Number of stages to time just lets you break up the solve into several different steps, so if you were doing blindfold, you could time your memo and execution separately. I don't have a good way to do optimal pyraminx scrambles, so for now I just decided to play it safe and make them 25 moves. I'm planning to fix up the stats screen soon, I agree it's a bit ugly as is. You can currently email your statistics screen from the menu on it, but it would be nice to be able to export it other ways too, I'll think about it.

I actually like the lack of sessions a la qqTimer, but they seem to be quite popular, so I'll look into adding that, perhaps for the paid version. 

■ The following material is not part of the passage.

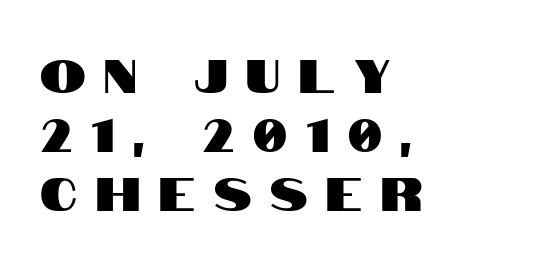
The image shows 46 px condensed sans-serif type, upright; set left-aligned, normal line spacing (1.28x), unusually wide letter spacing (+0.41 em), not underlined; high stroke contrast and a large x-height.

Thanks a lot for the input!


----------



## Tall5001 (Aug 4, 2011)

That makes sense now. Well if you find a way i hate 25 move pyraminx scrambles they take so much longer. I guess i just missed the email button i wanted to save my new pb scramble and when i got home (was in the car when i got it) it had dissapeared. So if you look at jjtimer it has sessions which are super nice! and i can go back and look at my times days after they happen. So if you dont do sessions then can you make it not delete times unless i press clear all. Auto delete is kinda of annoying it has happened 2 times already!


----------



## jorgealmerio (Sep 26, 2012)

*Suggestions and issue*

Hi,
First, congratulations for the app. It's the best from market.
If you want I have some suggestions and one issue:
1)	It could have a sound tone on 8 and 12 seconds on the inspection time, as the competition rule. The app “MyCuber” has it sound but is worst then yours.
2)	Show the single best and worst time of the current session on timer screen like you did with current and best 5/12/100. 
3)	The last line with the best 5/12/100 are writing as “best 5: XX.XX; 12: XX.XX; 12: XX.XX”. The best 12 is duplicated.

I haved already emailed this to the author.


----------